Tencent's Strengths and Weaknesses: Scenarios as a Advantage, Computing Power as a Limitation
Strengths:
- Rich Ecosystem: Services like WeChat (with 1.4 billion users), Tencent Meeting, games, and cloud services generate massive amounts of high-value data daily.
- Agile Organizational Culture: Small teams (3-5 people) make flexible decisions without complex hierarchies, allowing engineers to shift from coding to managing AI applications more efficiently.
Weaknesses:
- Gaps in Basic Models: Compared to models like GPT-4o and Claude 3, Tencent's models lag behind in complex reasoning and multimodal understanding.
- Computing Power Constraints: Restrictions on H20 chips in the U.S. and the delayed mass production of the domestic Shengteng 950 chip will create a shortage of computing power over the next 18-24 months.
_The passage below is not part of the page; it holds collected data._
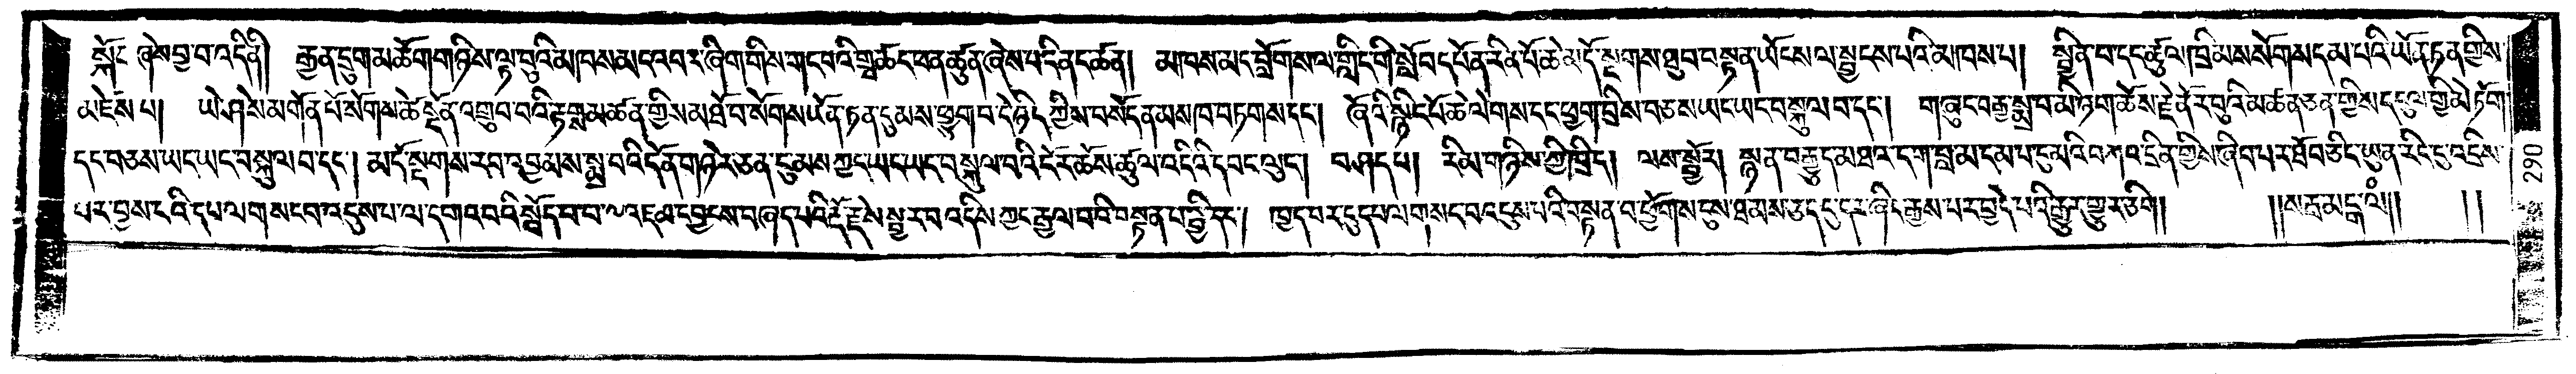སྐོང་ཞེས་བྱ་བ་འདི་ནི། རྒྱན་དྲུག་མཆོག་གཉིས་ལྟ་བུའི་མཁས་མངའ་བར་ཞིག་གིས་གང་བའི་གྲྭ་ཚང་ཕན་ཚུན་ཞེས་པའི་ནང་ཚན། མཁས་མང་བློ་གསལ་གླིང་གི་སློབ་དཔོན་རིན་པོ་ཆེ་མདོ་སྔགས་ཐུབ་བསྟན་ཡོངས་ལ་སྦྱངས་པའི་མཁས་པ། སྦྱིན་པ་དང་ཚུལ་ཁྲིམས་སོགས་དམ་པའི་ཡོན་ཏན་གྱིས་
མཛེས་པ། ཡེ་ཤེས་མགོན་པོ་སོགས་ཚེ་སྔོན་འགྲུབ་པའི་རྟགས་མཚན་གྱིས་མཐོ་བ་སོགས་ཡོན་ཏན་དུ་མས་ཕྱུག་པ་དེ་ཉིད་ཀྱིས་བསོད་ནམས་ཁ་བཏགས་དང་། ཞོའི་སྙིང་པོ་ཆེ་ལེགས་དང་ཕྱག་བྲིས་བཅས་ཡང་ཡང་བསྐུལ་བ་དང་། གཞུང་བརྒྱ་སྨྲ་བ་མི་ཉག་ཆོས་རྗེ་ནོར་བུའི་མཚན་ཅན་གྱིས་དངུལ་གྱི་མེ་ཏོག་
དང་བཅས་ཡང་ཡང་བསྐུལ་བ་དང་། མདོ་སྔགས་རབ་འབྱམས་སྨྲ་བའི་དོན་གཉེར་ཅན་དུ་མས་ཀྱང་ཡང་ཡང་བསྐུལ་བའི་ངོར་ཆོས་ཚུལ་འདིའི་དབང་ལུང་། བཤད་པ། རིམ་གཉིས་ཀྱི་ཁྲིད། ལས་སྦྱོར། སྙན་བརྒྱུད་མཐའ་དག་བླ་མ་དམ་པ་དུ་མའི་བཀའ་དྲིན་གྱིས་ཞིབ་པར་ཐོབ་ཅིང་ཡུན་རིང་དུ་འདྲིས་
པར་བྱས་ངའི་དཔལ་གསང་བ་འདུས་པ་ལ་དགའ་བའི་སྤོད་པ་པ་༧་འཇམ་དབྱངས་བཞད་པའི་རྡོ་རྗེས་སྦྱར་བ་འདིས་ཀྱང་རྒྱལ་བའི་བསྟན་པ་སྤྱི་དང་། ཁྱད་པར་དུ་དཔལ་གསང་བ་འདུས་པའི་བསྟན་བ་ཕྱོགས་དུས་ཐམས་ཅད་དུ་དར་ཞིང་རྒྱས་པར་བྱེད་པའི་རྒྱུར་གྱུར་ཅིག། །།སརྦ་མངྒ་ལཾ།། །།
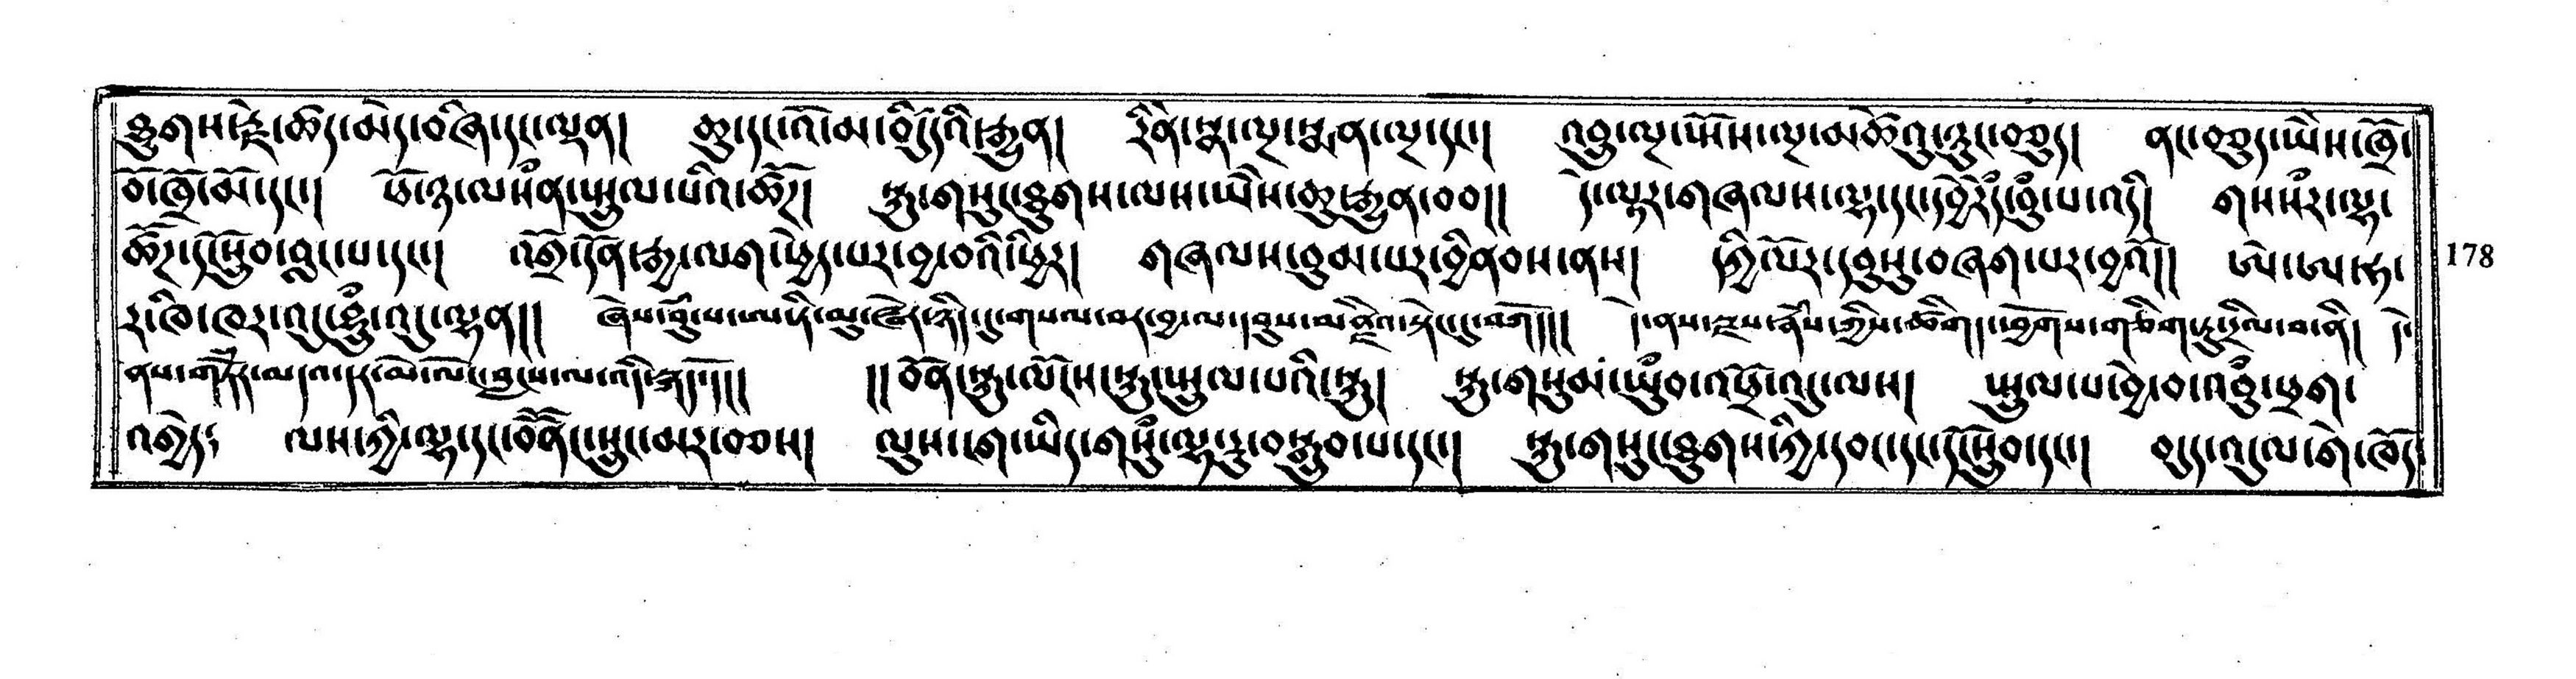ཐུགས་རྗེ་ཚད་མེད་བཞི་དང་ལྡན། ཆུ་དང་འོ་མ་བདུད་རྩིའི་རྒྱུན། རིན་ཆེན་སྣ་ལྔ་སྨན་ལྔ་དང་། འབྲུ་ལྔ་སྤོས་ལྔ་མཚེའུ་ཉུང་བཅུད། ནང་བཅུད་ཡེ་ཤེས་ཁྲོ་
བོ་ཁྲོ་མོ་དང་། ཕོ་ཉ་ལས་མཁན་སྤྲུལ་པའི་ཚོགས། སྐུ་གསུང་ཐུགས་ལས་ཡེ་ཤེས་ཆུ་རྒྱུན་བབ།། དེ་ལྟར་གཞལ་ཡས་ལྷ་དང་དབྱེར་མེད་བུམ་པ་འདི། གསས་མཁར་ལྷ་
ཚོགས་དངོས་གྲུབ་བླང་པ་དང་། འགྲོ་དོན་རྒྱ་ལག་ཕྱེད་པར་བྱ་བའི་ཕྱིར། གཞལ་ཡས་བུམ་པར་བྱིན་རླབས་ནས། དཀྱིལ་འཁོར་དབུས་སུ་བཞག་པར་བྱའོ།། ཨེ་ཨ་ཧ་
ར་ཁི་ཁར་འདུ་བྷྲུཾ་འདུ་ལྷན།། ཞེས་བུམ་པ་ཨ་ཏི་མུ་ཝེར་ཉིད་དུ་གསལ་བར་བྱ་ལ་དབུས་མནྗའི་སྟེང་དུ་བཀོད།། དེ་ནས་རྫས་རྣམས་ཀྱིས་ཚིག་བཤད་ཕྱོགས་གཅིག་ཏུ་དྲིལ་བ་ནི། དེ་
ནས་གཏོར་མ་མདའ་དར་མེ་ལོང་བླངས་ལ་འདི་སྐད་དོ།། །།བོན་སྐུ་ལོངས་སྐུ་སྤྲུལ་པའི་སྐུ། སྐུ་གསུམ་ཡབ་ཡུམ་འཕྲོ་འདུ་ལས། སྤྲུལ་པ་བྱེ་བ་འབུམ་ཕྲག་
འགྱེད། ལས་ཀྱི་ལྷ་དང་བོན་སྐྱོང་སྲུང་མར་བཅས། ལུས་ངག་ཡིད་གསུམ་ལྷ་རུ་བསྒྲུབ་པ་དང་། སྐུ་གསུང་ཐུགས་ཀྱི་དབང་དང་དངོས་གྲུབ་དང་། བདུད་འདུལ་གེ་ཁོད་
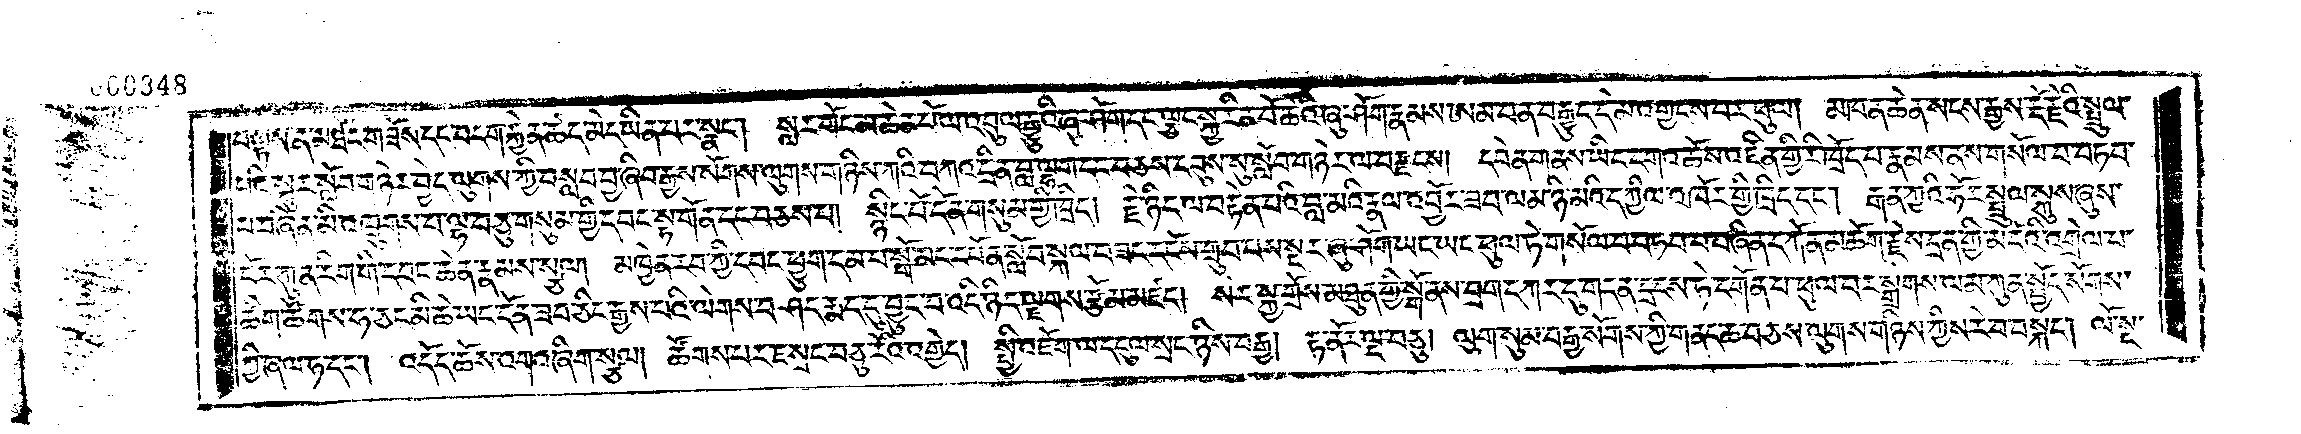བལྟས་ན་མཐོང་གཟོས་དང་བདག་རྐྱེན་ཚད་མེད་ཡིན་པར་སྣང་། སླར་གོང་མ་ཆེན་པོ་ལ་འབུལ་རྒྱུའི་ཞུ་ཤོག་དང་ལྕང་སྐྱ་རིན་པོ་ཆེའི་ཞུ་ཤོག་རྣམས་ཨམ་བན་བརྒྱུད་དེ་མ་འགྱངས་པར་ཕུལ། མཁན་ཆེན་སངས་རྒྱས་རྡོ་རྗེའི་སྤྲུལ་
པའི་སྐུར་སློབ་གཉེར་བྱེད་ལུགས་ཀྱི་བསླབ་བྱ་ཞིབ་རྒྱས་སོགས་ལུགས་གཉིས་ཀའི་བཀའ་དྲིན་བླ་ལྷག་དང་བཅས་དབུས་སུ་སློབ་གཉེར་ལ་བརྫངས། དབེན་གནས་ཡིང་དགའ་ཆོས་འཛིན་གྱི་རི་ཁྲོད་པ་རྣམས་ནས་གསོལ་བ་བཏབ་
པ་བཞིན་མི་འཁྲུགས་པ་ལྷ་བཅུ་གསུམ་གྱི་དབང་སྟ་གོན་དང་བཅས་པ། སྙིང་པོ་དོན་གསུམ་གྱི་ཁྲིད། རྗེ་ཉིད་ལ་བརྟེན་པའི་བླ་མའི་རྣལ་འབྱོར་ཟབ་ལམ་ཉི་མའི་དཀྱིལ་འཁོར་གྱི་ཁྲིད་དང་། རྒན་ཀྱའི་ཧོར་སྤྲུལ་སྐུས་ཞུས་
ངོར་ཀུན་རིག་གི་དབང་ཆེན་རྣམས་སྩལ། མཁྱེན་རབ་ཀྱི་དབང་ཕྱུག་དམ་པ་སྒོ་མང་དཔོན་སློབ་སྐལ་བཟང་དངོས་གྲུབ་པས་སྔར་ཞུ་ཤོག་ཡང་ཡང་ཕུལ་ཏེ་གསོལ་བ་བཏབ་པ་བཞིན་དཀོན་མཆོག་རྗེས་དྲན་གྱི་མདོའི་འགྲེལ་པ་
ཚིག་ཚོགས་ཧ་ཅང་མི་ཆེ་ཡང་དོན་ཟབ་ཅིང་རྒྱས་པའི་ལེགས་བཤད་རྨད་དུ་བྱུང་བ་འདི་ཉིད་ལྗགས་རྩོམ་མཛད། སེར་སྐྱ་གྲོས་མཐུན་གྱི་སྒོ་ནས་བྲག་དཀར་དུ་གདན་དྲངས་ཏེ་དགོན་པ་ཕུལ་བར་སྒྲིགས་ལམ་ཀུན་སྤྱོད་སོགས་
ཀྱི་ཞལ་ཧ་དང་། འདོད་ཆོས་འགའ་ཞིག་སྩལ། ཚོགས་པར་ཇ་སྲང་བཅུ་རེའི་འགྱེད། སྤྱི་འཇོག་ལ་དངུལ་སྲང་ཉིས་བརྒྱ། རྟ་ནོར་ལྔ་བཅུ། ལུག་སུམ་བརྒྱ་སོགས་ཀྱི་གནད་ཆ་བཅས་ལུགས་གཉིས་ཀྱིས་རེ་བ་བསྐང་། ལོ་སྔ་

- Internal Data Barriers: Data from WeChat, games, and cloud services is not easily integrated due to compliance issues, hindering collaborative efforts.
The Unrevealed "Trump Card": WeChat AI
Tencent has an untapped asset in WeChat AI:
- It is collaborating with smartphone manufacturers to integrate social relationship data into system-level AI assistants.
- Users can access AI features with a simple swipe of their fingers and use millions of mini-programs (e.g., generating documents or initiating meetings), potentially making WeChat the world's largest intelligent platform.
- Once fully implemented, WeChat AI could significantly transform the industry by seamlessly integrating its capabilities into the daily lives of 1.4 billion users.
Conclusion
Tencent's AI strategy reflects the "latecomer advantage" seen in the internet industry (from QQ Mail to WeChat). However, whether it can succeed in the second half of the AI race depends on its ability to overcome computing power limitations, integrate internal data effectively, and realize the full potential of WeChat AI. After all, the key to success in the AI marathon is long-term value, not short-term speed.